**TASK TO COMPLETE**
Could you restate all of the entries, word for word?

**TASK INPUTS**
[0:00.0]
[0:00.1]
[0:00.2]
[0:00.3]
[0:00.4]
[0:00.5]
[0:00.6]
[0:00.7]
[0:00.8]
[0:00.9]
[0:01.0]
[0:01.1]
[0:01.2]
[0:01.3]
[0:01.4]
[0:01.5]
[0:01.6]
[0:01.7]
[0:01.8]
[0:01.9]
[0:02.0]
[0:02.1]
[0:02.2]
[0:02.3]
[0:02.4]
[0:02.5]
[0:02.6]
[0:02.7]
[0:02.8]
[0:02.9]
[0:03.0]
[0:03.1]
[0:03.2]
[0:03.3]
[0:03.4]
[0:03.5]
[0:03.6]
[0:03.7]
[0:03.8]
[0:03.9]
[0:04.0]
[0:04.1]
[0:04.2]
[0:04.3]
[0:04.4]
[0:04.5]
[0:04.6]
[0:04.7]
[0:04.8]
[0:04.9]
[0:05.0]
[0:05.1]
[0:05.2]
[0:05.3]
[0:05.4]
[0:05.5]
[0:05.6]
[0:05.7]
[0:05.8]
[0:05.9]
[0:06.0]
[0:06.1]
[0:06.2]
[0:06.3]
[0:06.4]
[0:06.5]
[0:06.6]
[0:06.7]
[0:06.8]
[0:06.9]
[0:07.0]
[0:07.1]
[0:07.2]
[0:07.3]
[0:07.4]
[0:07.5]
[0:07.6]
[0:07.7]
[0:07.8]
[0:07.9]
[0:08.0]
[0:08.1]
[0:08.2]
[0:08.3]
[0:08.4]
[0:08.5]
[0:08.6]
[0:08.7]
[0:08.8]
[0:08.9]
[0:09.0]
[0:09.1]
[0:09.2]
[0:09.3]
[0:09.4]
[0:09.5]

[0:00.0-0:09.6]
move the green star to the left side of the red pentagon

**OUTPUT BELOW**
[0:00.0]
[0:00.1]
[0:00.2]
[0:00.3]
[0:00.4]
[0:00.5]
[0:00.6]
[0:00.7]
[0:00.8]
[0:00.9]
[0:01.0]
[0:01.1]
[0:01.2]
[0:01.3]
[0:01.4]
[0:01.5]
[0:01.6]
[0:01.7]
[0:01.8]
[0:01.9]
[0:02.0]
[0:02.1]
[0:02.2]
[0:02.3]
[0:02.4]
[0:02.5]
[0:02.6]
[0:02.7]
[0:02.8]
[0:02.9]
[0:03.0]
[0:03.1]
[0:03.2]
[0:03.3]
[0:03.4]
[0:03.5]
[0:03.6]
[0:03.7]
[0:03.8]
[0:03.9]
[0:04.0]
[0:04.1]
[0:04.2]
[0:04.3]
[0:04.4]
[0:04.5]
[0:04.6]
[0:04.7]
[0:04.8]
[0:04.9]
[0:05.0]
[0:05.1]
[0:05.2]
[0:05.3]
[0:05.4]
[0:05.5]
[0:05.6]
[0:05.7]
[0:05.8]
[0:05.9]
[0:06.0]
[0:06.1]
[0:06.2]
[0:06.3]
[0:06.4]
[0:06.5]
[0:06.6]
[0:06.7]
[0:06.8]
[0:06.9]
[0:07.0]
[0:07.1]
[0:07.2]
[0:07.3]
[0:07.4]
[0:07.5]
[0:07.6]
[0:07.7]
[0:07.8]
[0:07.9]
[0:08.0]
[0:08.1]
[0:08.2]
[0:08.3]
[0:08.4]
[0:08.5]
[0:08.6]
[0:08.7]
[0:08.8]
[0:08.9]
[0:09.0]
[0:09.1]
[0:09.2]
[0:09.3]
[0:09.4]
[0:09.5]

[0:00.0-0:09.6]
move the green star to the left side of the red pentagon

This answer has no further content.